The most prominent compound, Δ9‐tetrahydrocannabinol (1, THC, Figure 1), is responsible for the psychoactive effects of C. sativa and has antiemetic and appetizing properties so that it can be used for the treatment of e. g. anorexia in acquired immune deficiency syndrome (AIDS)‐patients and nausea as a side effect of chemotherapy. Furthermore, it has proven to have analgesic effects and can be used in pain management in multiple sclerosis and neuropathic pain or for the treatment of the tics in Tourette's syndrome.

Figure 1

The phytocannabinoids THC (1) and CBD (2), non‐classical cannabinoid Rimonabant (3), and the classical cannabinoids Nabilone (4), HU‐210 (5), and HU‐211 (6).

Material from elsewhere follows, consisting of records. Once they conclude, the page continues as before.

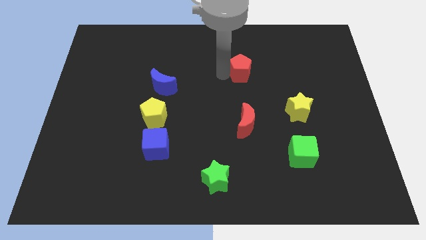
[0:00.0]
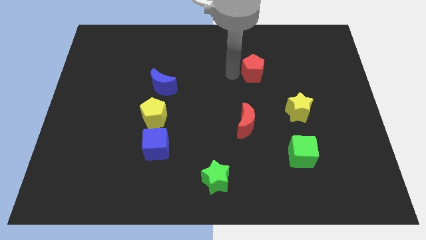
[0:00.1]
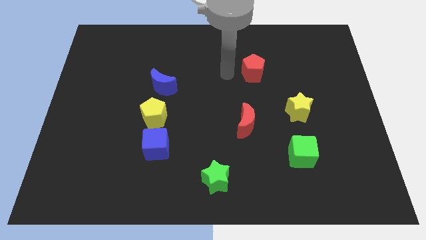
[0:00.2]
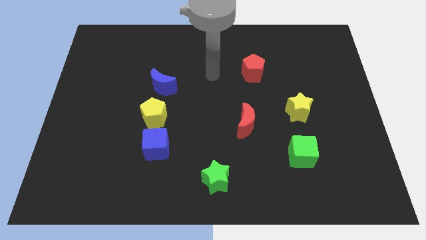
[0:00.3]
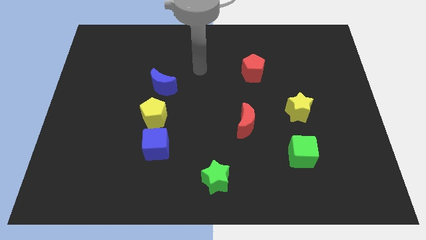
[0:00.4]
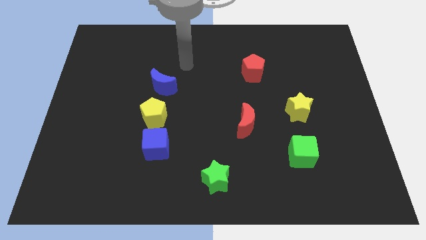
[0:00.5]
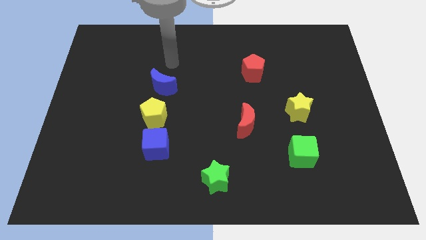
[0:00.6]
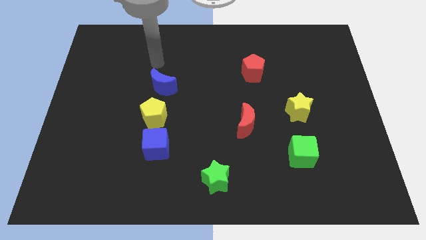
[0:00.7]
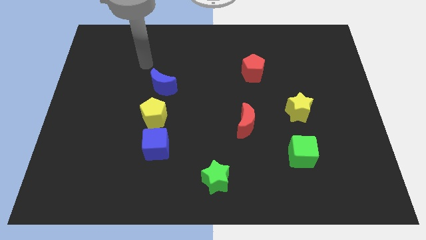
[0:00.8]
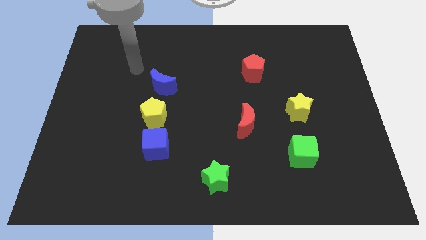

More than 20 total syntheses for ΤHC and its derivatives have been reported. However, it can be cost‐effectively produced by the extraction of several Cannabis strains or semi synthetically by the extraction of Cannabidiol (2, CBD, Figure 1) and a subsequent ring‐closing procedure. In this context, synthetic efforts are not focused on THC but rather on analog compounds that show stronger and/or more selective effects. Research on cannabinoids is going strong and a journal dedicated solely to give a platform to discuss all aspects of cannabinoids has been created. Furthermore, the search for compounds to selectively address certain targets within the endocannabinoid system is ongoing.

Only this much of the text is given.